9L’argent fit le reste. De fait, l’Arabie de la fin des années 1960 n’était plus celle de l’époque du roi Abd al-Aziz. Entre-temps, les revenus du pétrole avaient décuplé et la famille régnante avait désormais à sa disposition une manne colossale qui lui permettrait de juguler toute dissidence en cooptant ses opposants. Pour satisfaire les oulémas, la monarchie leur versa des milliards de dollars destinés à renforcer l’emprise de l’islam sur la société saoudienne. Cet argent bénéficia, par l’entremise des membres du Conseil des grands oulémas, à des dizaines de groupes et d’organisations non gouvernementales islamiques qui partageaient, dans les grandes lignes, la même « vision wahhabite » du monde. La prégnance sociale de l’islam wahhabite en sortit renforcée. L’exemple de la police religieuse – connue en Arabie sous le nom de Comité pour la promotion de la vertu et la prévention du vice – illustre cette évolution à merveille : bien que celle-ci existât depuis les années 1920, ce n’est qu’à partir de la fin des années 1970 qu’elle devint véritablement omniprésente.

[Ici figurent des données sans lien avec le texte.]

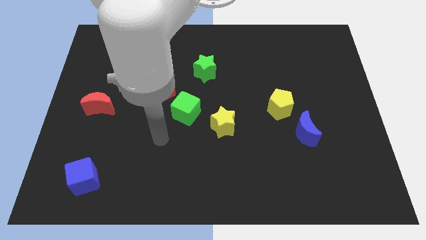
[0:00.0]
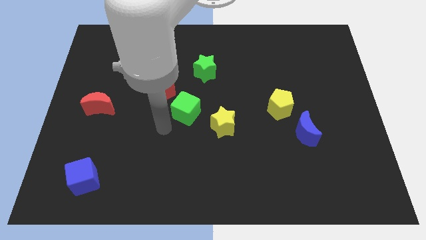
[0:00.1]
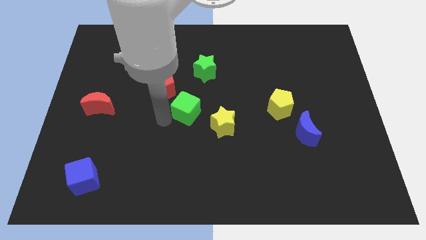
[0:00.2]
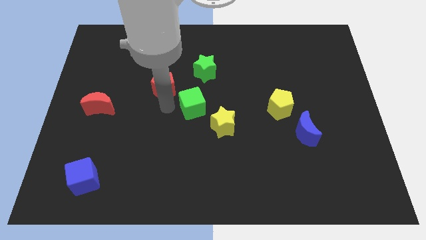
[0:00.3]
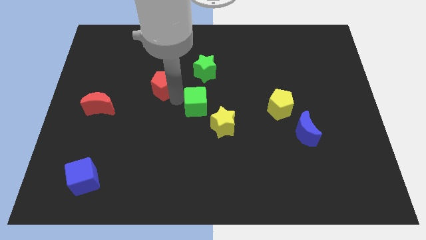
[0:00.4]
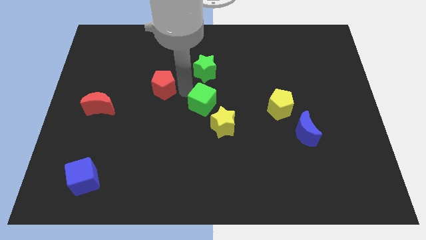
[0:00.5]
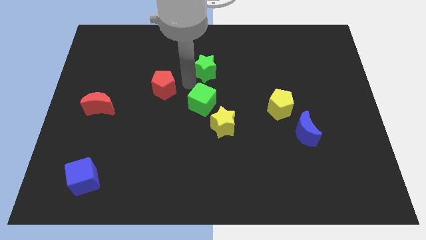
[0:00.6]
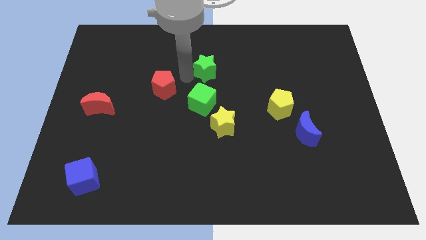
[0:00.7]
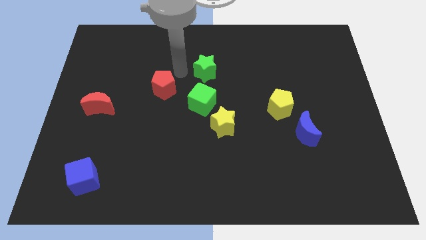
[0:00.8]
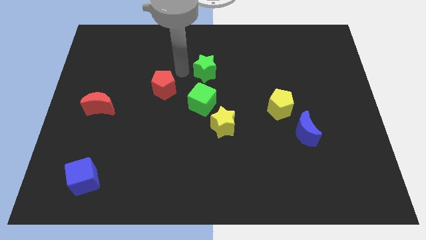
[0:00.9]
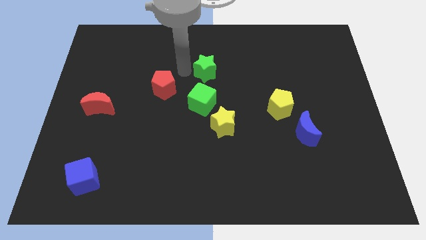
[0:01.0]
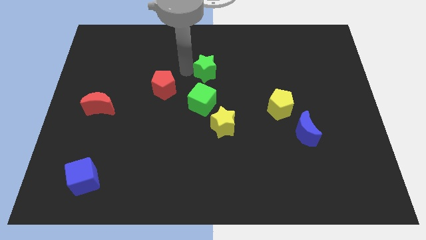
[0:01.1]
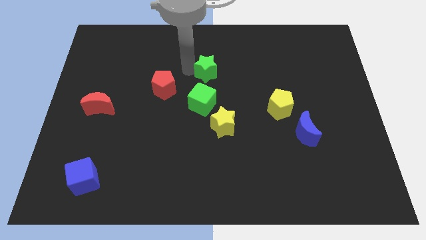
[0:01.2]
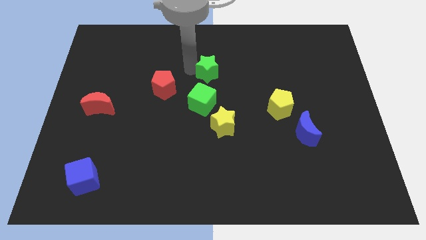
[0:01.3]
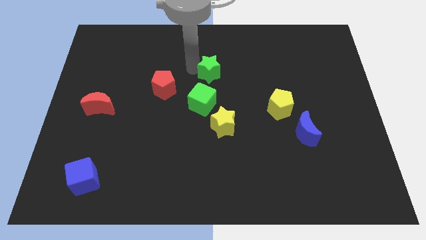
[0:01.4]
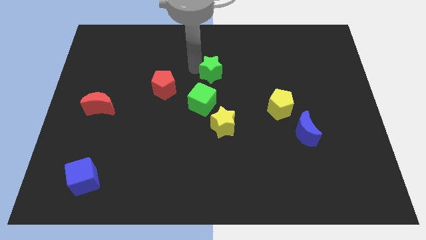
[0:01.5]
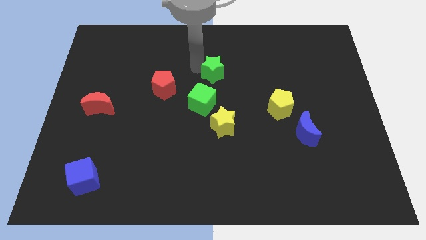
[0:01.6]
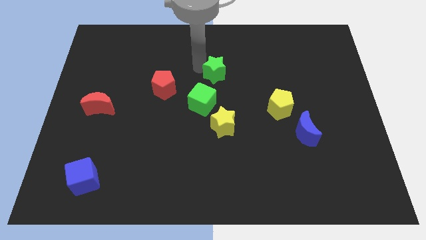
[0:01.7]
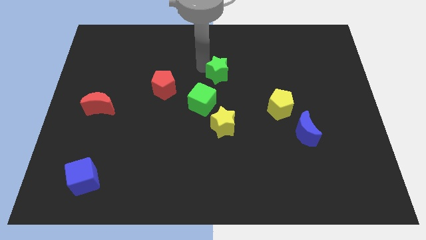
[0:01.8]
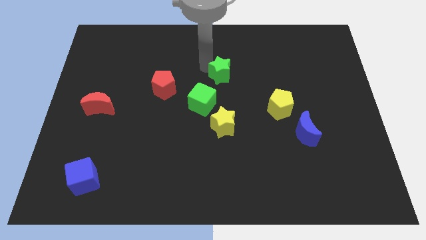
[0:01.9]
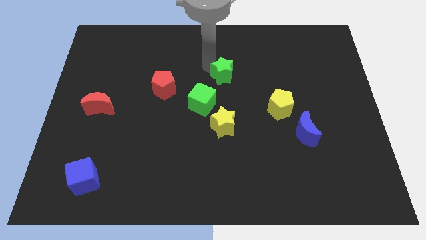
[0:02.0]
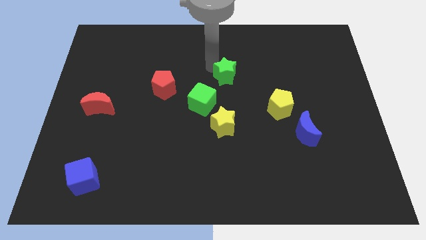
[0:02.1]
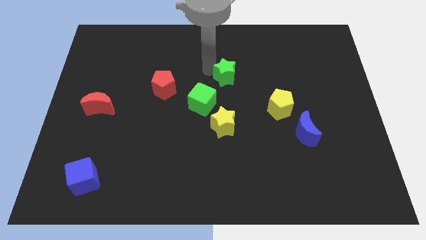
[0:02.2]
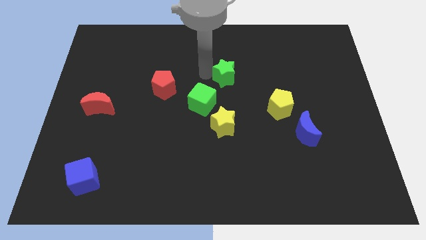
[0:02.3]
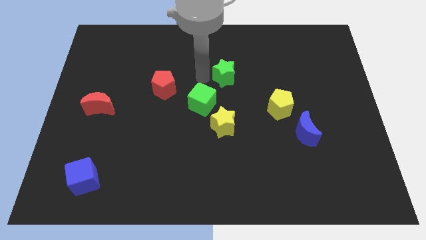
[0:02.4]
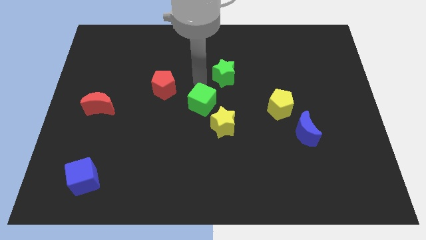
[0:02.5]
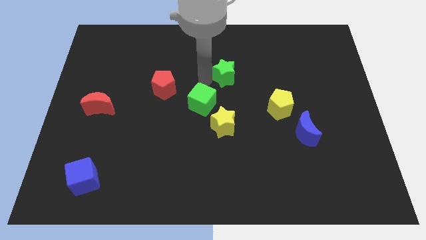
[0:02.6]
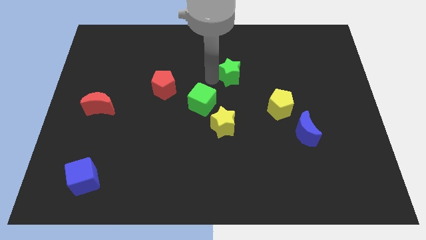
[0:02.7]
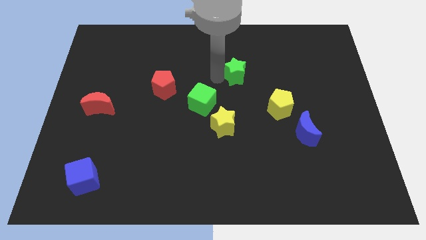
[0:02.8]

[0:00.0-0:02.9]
move the green star somewhat to the right

10De surcroît, les princes autorisèrent les clercs à dépenser une partie de cette manne pour propager le « message wahhabite » hors des frontières du royaume. Des institutions furent mêmes créées à cette fin, à l’instar de l’université islamique de Médine, fondée en 1961, qui accueille une majorité de musulmans étrangers récipiendaires de bourses d’étude, et de la Ligue islamique mondiale, créée en 1962, qui possède des bureaux dans plus d’une centaine de pays. Cet expansionnisme religieux avait certes vocation, comme cela a été souligné ailleurs, à servir de vecteur au soft power de la monarchie saoudienne [4]. Mais il ne peut être véritablement compris qu’à travers le prisme des équilibres entre pouvoir saoudien et establishment religieux : en permettant aux oulémas d’accomplir leur vocation missionnaire, les princes espéraient faire taire les critiques de ces derniers quant aux orientations politiques suivies par le royaume. En somme, pour la famille régnante, l’exportation du wahhabisme, plus qu’une stratégie politique réfléchie, était un pis-aller.

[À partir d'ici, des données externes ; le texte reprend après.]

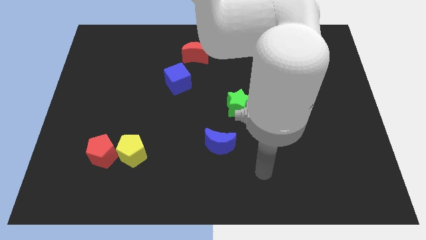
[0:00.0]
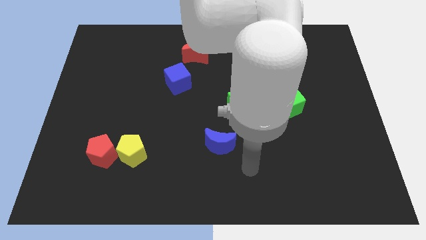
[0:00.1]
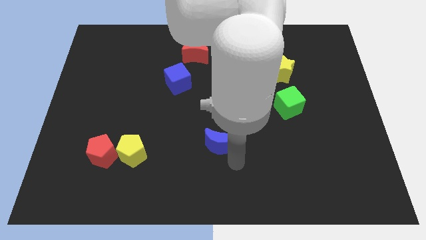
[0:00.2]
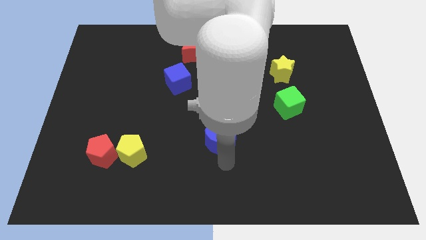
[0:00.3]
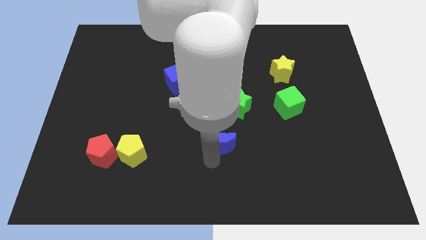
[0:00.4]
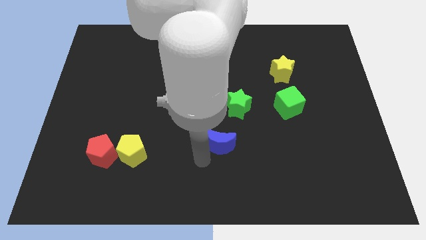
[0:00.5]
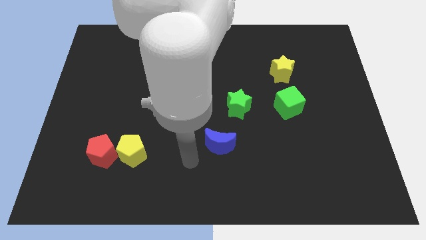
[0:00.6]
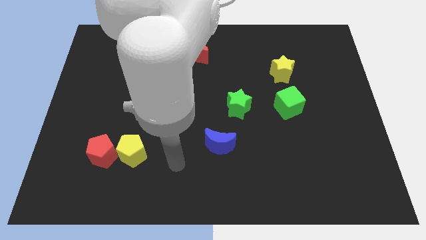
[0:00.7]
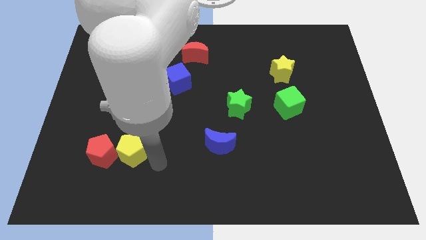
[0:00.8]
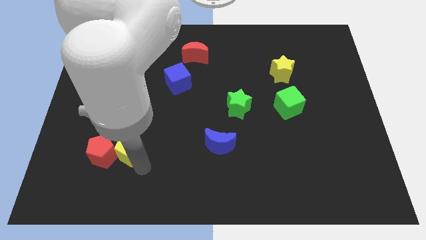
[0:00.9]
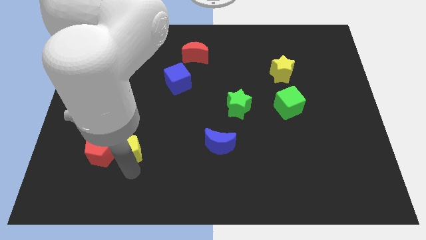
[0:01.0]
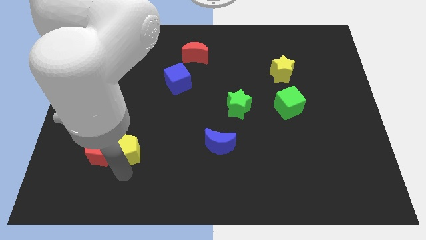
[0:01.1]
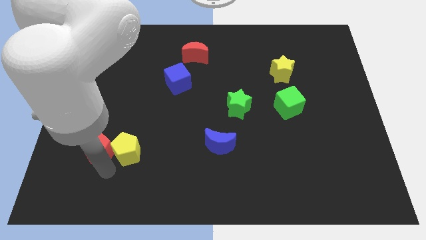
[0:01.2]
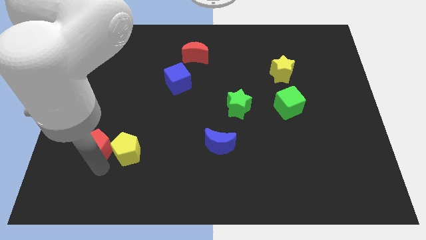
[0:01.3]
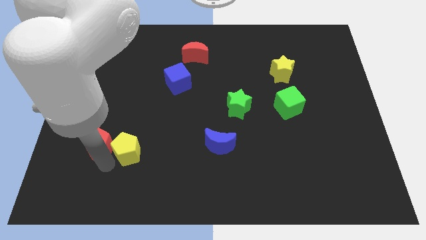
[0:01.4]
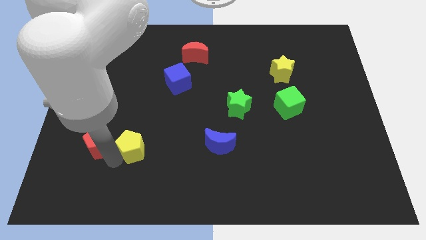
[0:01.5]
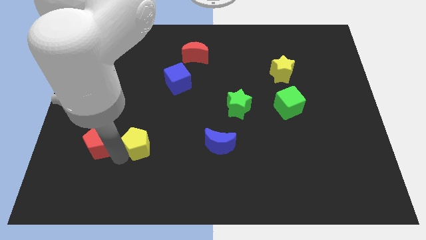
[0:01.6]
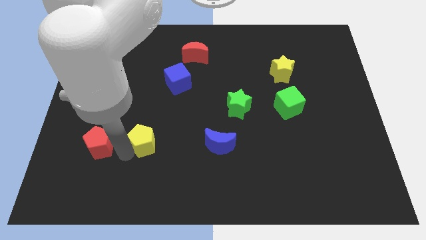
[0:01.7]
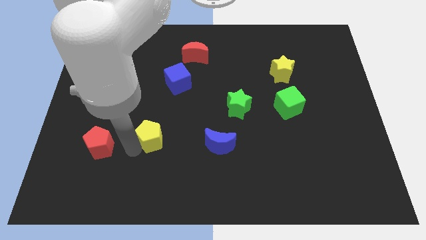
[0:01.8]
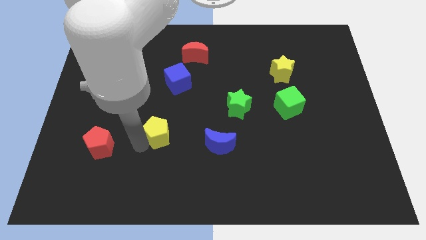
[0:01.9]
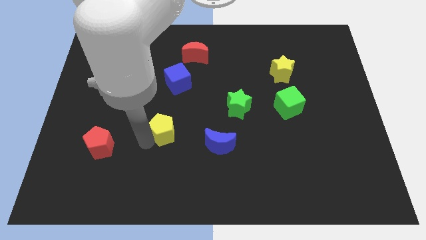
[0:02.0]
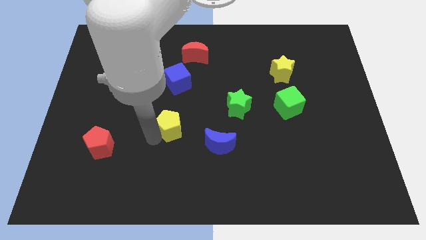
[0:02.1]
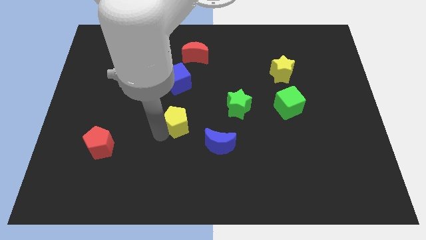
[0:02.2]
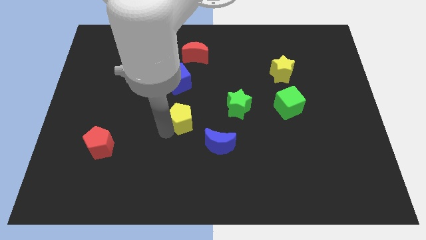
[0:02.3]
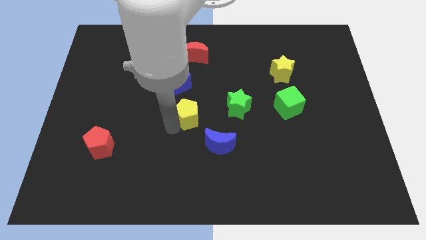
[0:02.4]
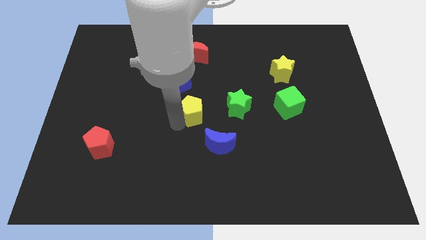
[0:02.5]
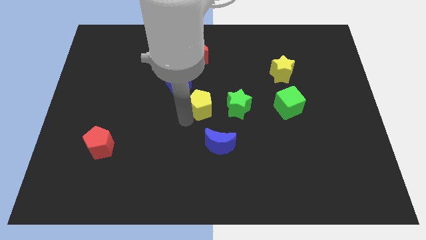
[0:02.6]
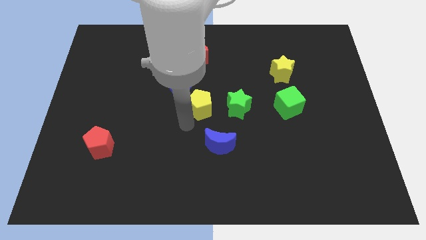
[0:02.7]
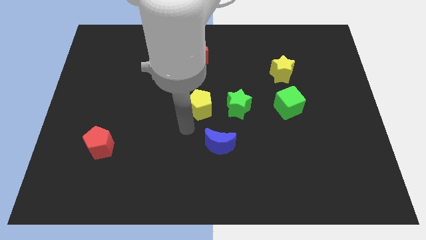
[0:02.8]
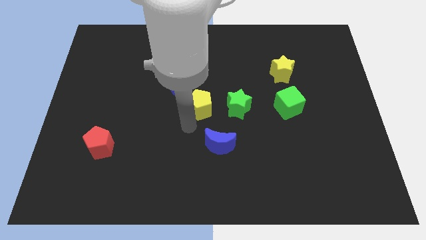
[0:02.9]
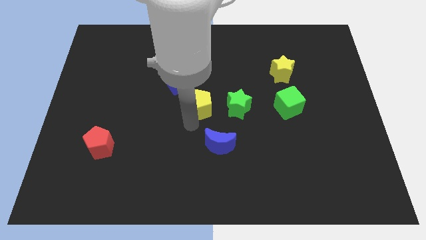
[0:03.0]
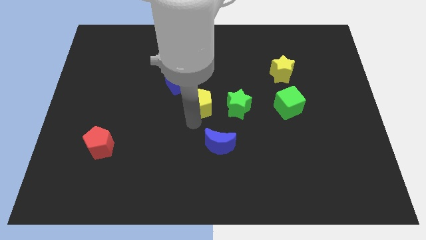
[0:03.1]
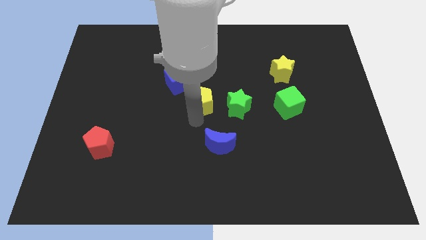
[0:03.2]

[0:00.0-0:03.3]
slide the yellow pentagon upwards and right

Le défi du « réveil islamique »
11La domestication de l’establishment wahhabite ne marqua pourtant pas la fin de la dissidence religieuse. Le renouveau de l’opposition islamique au pouvoir résulterait néanmoins désormais d’autres causes, liées notamment à l’ouverture du champ religieux saoudien aux influences étrangères à partir du mitan du xxe siècle.

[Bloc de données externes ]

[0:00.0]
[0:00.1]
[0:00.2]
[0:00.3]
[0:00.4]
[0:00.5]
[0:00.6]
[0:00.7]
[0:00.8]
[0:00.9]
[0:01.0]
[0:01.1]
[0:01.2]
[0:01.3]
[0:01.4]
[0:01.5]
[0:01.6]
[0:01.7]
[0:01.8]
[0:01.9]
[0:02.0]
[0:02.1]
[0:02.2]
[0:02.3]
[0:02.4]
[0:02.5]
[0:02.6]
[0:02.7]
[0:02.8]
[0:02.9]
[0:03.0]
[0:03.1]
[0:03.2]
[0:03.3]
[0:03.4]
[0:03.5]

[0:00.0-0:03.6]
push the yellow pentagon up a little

12La décennie 1950 représenta, dans le monde arabe, le début d’un conflit régional de grande ampleur, connu sous le nom de « guerre froide arabe ». Il opposait un bloc « progressiste » rangé derrière l’Égypte de Gamal Abdel Nasser et un bloc « conservateur » mené par l’Arabie saoudite. Dans ce contexte, l’Arabie s’allia avec les mouvements islamistes, notamment les Frères musulmans, principaux opposants aux régimes de Nasser et de ses émules en Syrie et en Irak. En conséquence, les Frères furent accueillis en Arabie par milliers et jouèrent un rôle majeur dans l’appareil de propagande mis en place par le roi Fayçal pour contrer la rhétorique du raïs égyptien. Surtout, à une période où le royaume, désormais riche en pétrodollars, connaissait un développement institutionnel exponentiel, les Frères, souvent diplômés du supérieur, furent largement mis à contribution. Beaucoup furent intégrés à l’appareil d’État, tandis que d’autres eurent un rôle clé dans la mise en place d’un système éducatif moderne.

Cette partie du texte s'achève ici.